Extracted data entries
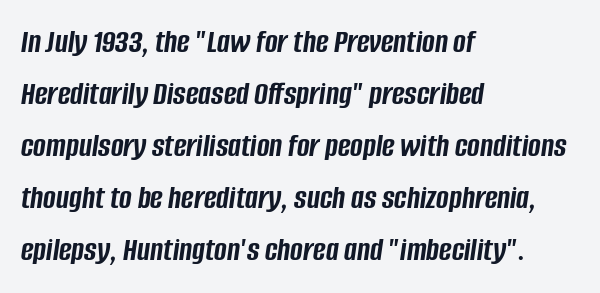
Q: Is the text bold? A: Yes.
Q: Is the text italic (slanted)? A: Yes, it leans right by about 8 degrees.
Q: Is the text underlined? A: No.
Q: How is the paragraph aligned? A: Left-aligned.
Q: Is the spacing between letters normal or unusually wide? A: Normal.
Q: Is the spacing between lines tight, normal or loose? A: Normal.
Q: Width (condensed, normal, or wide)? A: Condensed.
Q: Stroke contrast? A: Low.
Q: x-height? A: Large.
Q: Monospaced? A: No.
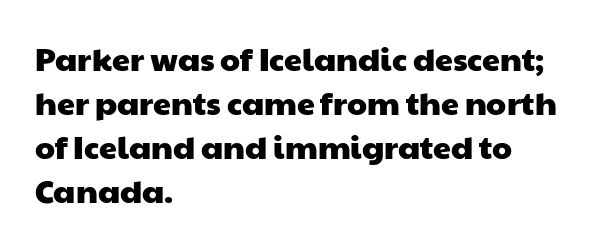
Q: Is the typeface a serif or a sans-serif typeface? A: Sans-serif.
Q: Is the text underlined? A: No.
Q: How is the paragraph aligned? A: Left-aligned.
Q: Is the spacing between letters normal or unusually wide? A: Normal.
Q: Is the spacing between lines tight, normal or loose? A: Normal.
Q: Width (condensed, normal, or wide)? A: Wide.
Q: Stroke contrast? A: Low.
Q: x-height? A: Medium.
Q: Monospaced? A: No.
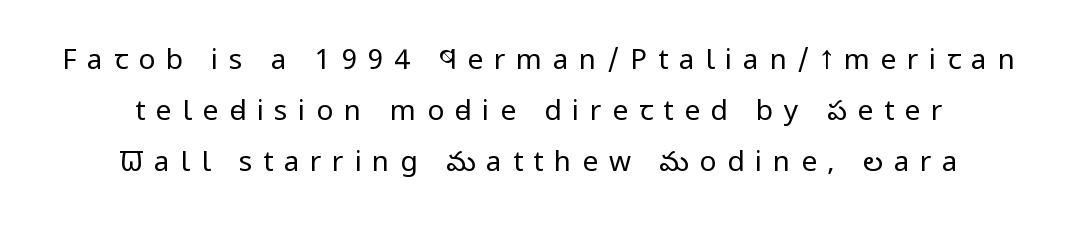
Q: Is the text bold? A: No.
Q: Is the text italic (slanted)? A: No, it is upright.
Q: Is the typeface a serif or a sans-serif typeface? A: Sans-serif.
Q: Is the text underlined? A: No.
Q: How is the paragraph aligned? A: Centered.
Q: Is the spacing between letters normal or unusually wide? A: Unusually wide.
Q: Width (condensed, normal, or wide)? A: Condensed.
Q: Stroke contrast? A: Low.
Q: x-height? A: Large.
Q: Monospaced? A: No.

— Problem —
All of the entries above should be copied exactly, except for the pictures.

— Finished task —
Q: Is the text bold? A: Yes.
Q: Is the text italic (slanted)? A: Yes, it leans right by about 8 degrees.
Q: Is the text underlined? A: No.
Q: How is the paragraph aligned? A: Left-aligned.
Q: Is the spacing between letters normal or unusually wide? A: Normal.
Q: Is the spacing between lines tight, normal or loose? A: Normal.
Q: Width (condensed, normal, or wide)? A: Condensed.
Q: Stroke contrast? A: Low.
Q: x-height? A: Large.
Q: Monospaced? A: No.
Q: Is the typeface a serif or a sans-serif typeface? A: Sans-serif.
Q: Is the text underlined? A: No.
Q: How is the paragraph aligned? A: Left-aligned.
Q: Is the spacing between letters normal or unusually wide? A: Normal.
Q: Is the spacing between lines tight, normal or loose? A: Normal.
Q: Width (condensed, normal, or wide)? A: Wide.
Q: Stroke contrast? A: Low.
Q: x-height? A: Medium.
Q: Monospaced? A: No.
Q: Is the text bold? A: No.
Q: Is the text italic (slanted)? A: No, it is upright.
Q: Is the typeface a serif or a sans-serif typeface? A: Sans-serif.
Q: Is the text underlined? A: No.
Q: How is the paragraph aligned? A: Centered.
Q: Is the spacing between letters normal or unusually wide? A: Unusually wide.
Q: Width (condensed, normal, or wide)? A: Condensed.
Q: Stroke contrast? A: Low.
Q: x-height? A: Large.
Q: Monospaced? A: No.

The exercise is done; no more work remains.